- ACTIVITY: Output each entry that follows exactly. Images stay out.

Data records:
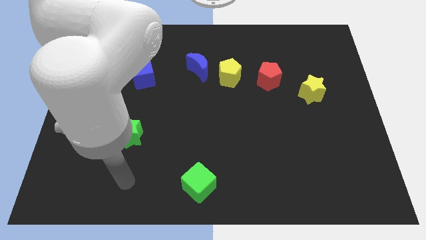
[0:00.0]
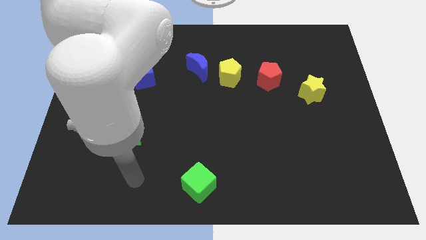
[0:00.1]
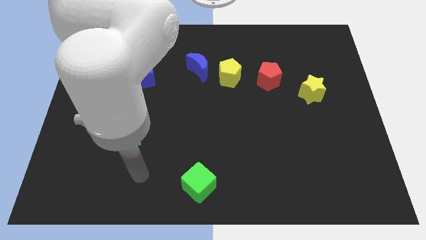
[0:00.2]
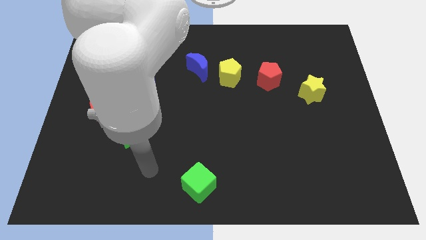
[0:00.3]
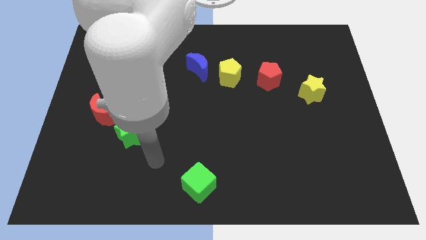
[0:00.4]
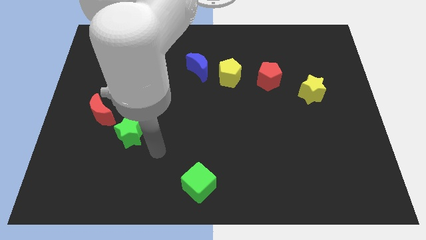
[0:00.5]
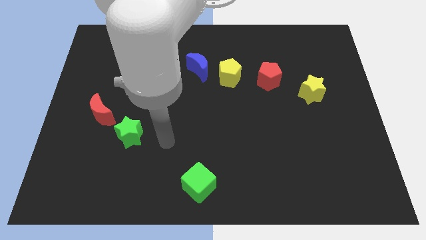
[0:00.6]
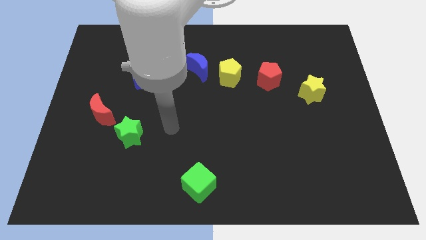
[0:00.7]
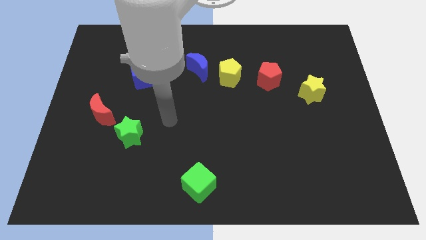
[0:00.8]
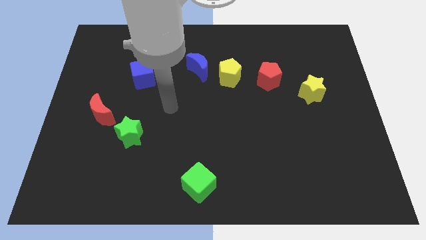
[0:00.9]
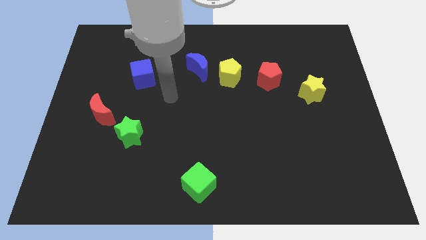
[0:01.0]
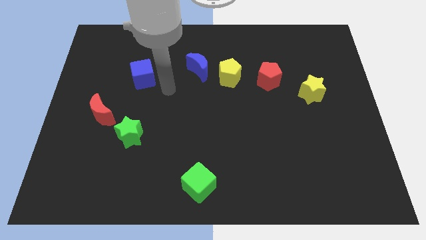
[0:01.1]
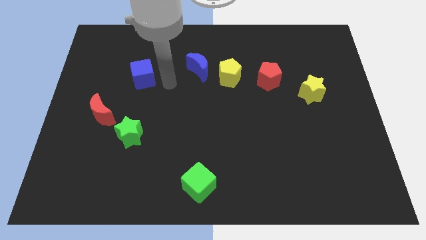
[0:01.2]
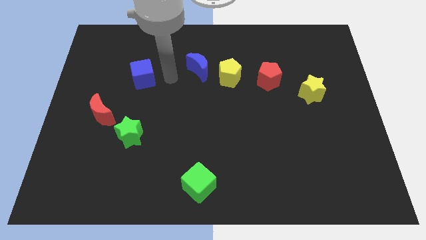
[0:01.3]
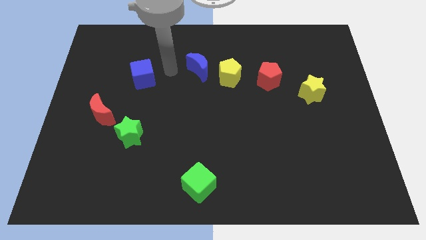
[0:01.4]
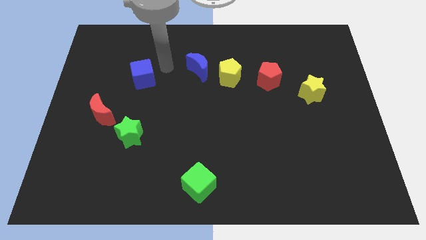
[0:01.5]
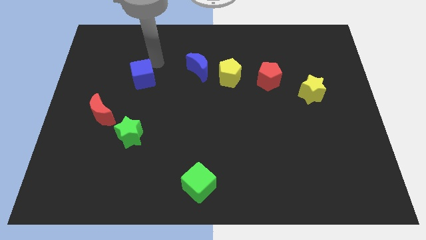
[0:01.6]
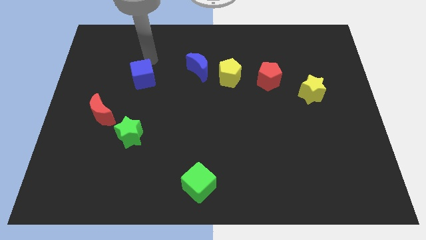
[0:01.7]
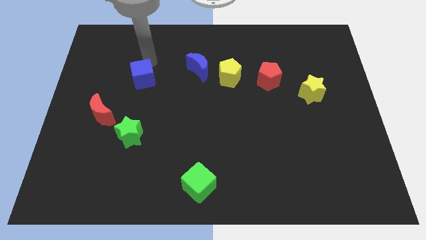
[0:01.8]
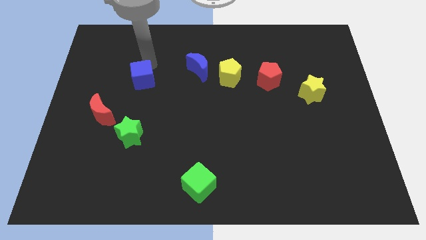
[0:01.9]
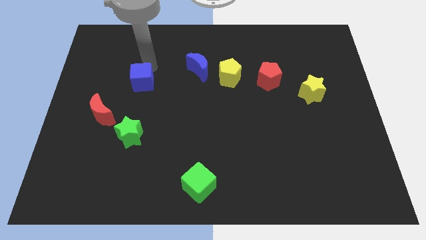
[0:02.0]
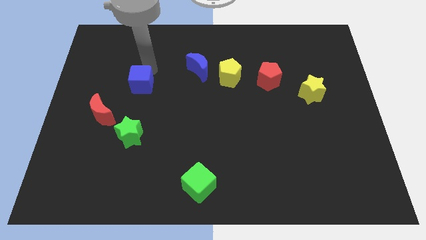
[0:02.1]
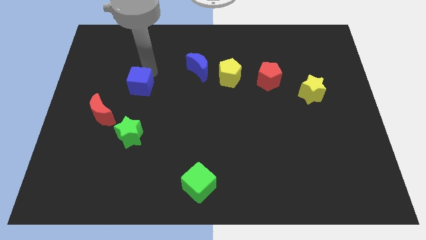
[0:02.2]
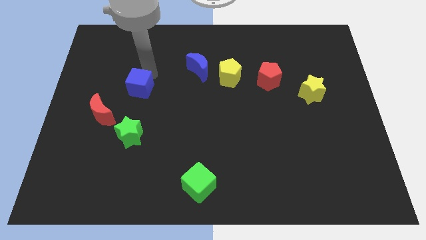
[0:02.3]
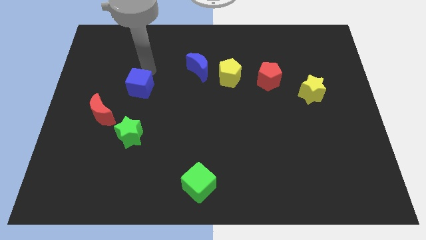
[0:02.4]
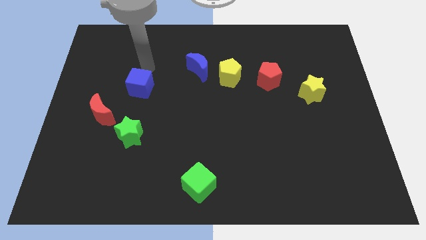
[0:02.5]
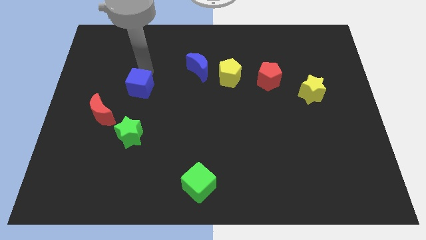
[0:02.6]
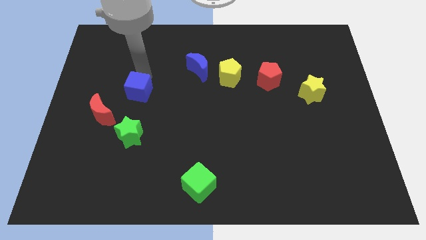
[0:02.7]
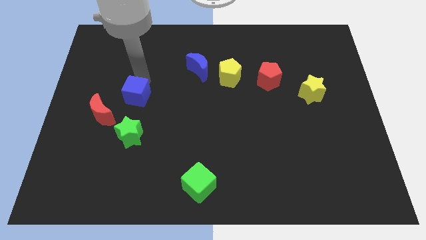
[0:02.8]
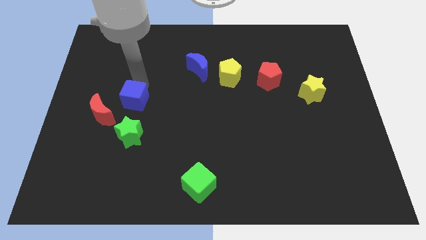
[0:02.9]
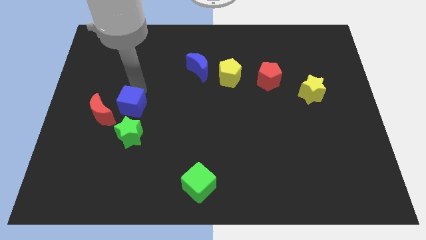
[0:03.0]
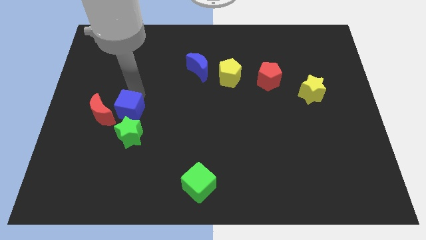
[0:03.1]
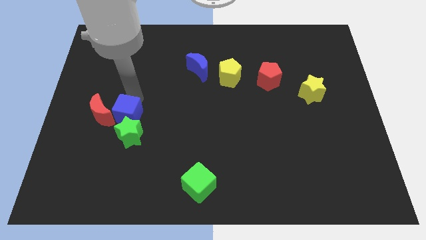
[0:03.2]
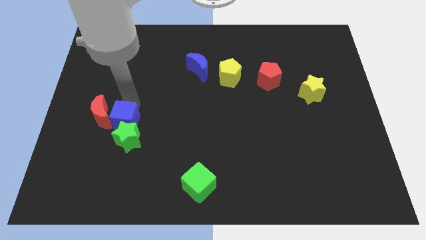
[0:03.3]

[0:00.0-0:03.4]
put the blue cube towards the green star

- PROBLEM SOLUTION:
[0:00.0]
[0:00.1]
[0:00.2]
[0:00.3]
[0:00.4]
[0:00.5]
[0:00.6]
[0:00.7]
[0:00.8]
[0:00.9]
[0:01.0]
[0:01.1]
[0:01.2]
[0:01.3]
[0:01.4]
[0:01.5]
[0:01.6]
[0:01.7]
[0:01.8]
[0:01.9]
[0:02.0]
[0:02.1]
[0:02.2]
[0:02.3]
[0:02.4]
[0:02.5]
[0:02.6]
[0:02.7]
[0:02.8]
[0:02.9]
[0:03.0]
[0:03.1]
[0:03.2]
[0:03.3]

[0:00.0-0:03.4]
put the blue cube towards the green star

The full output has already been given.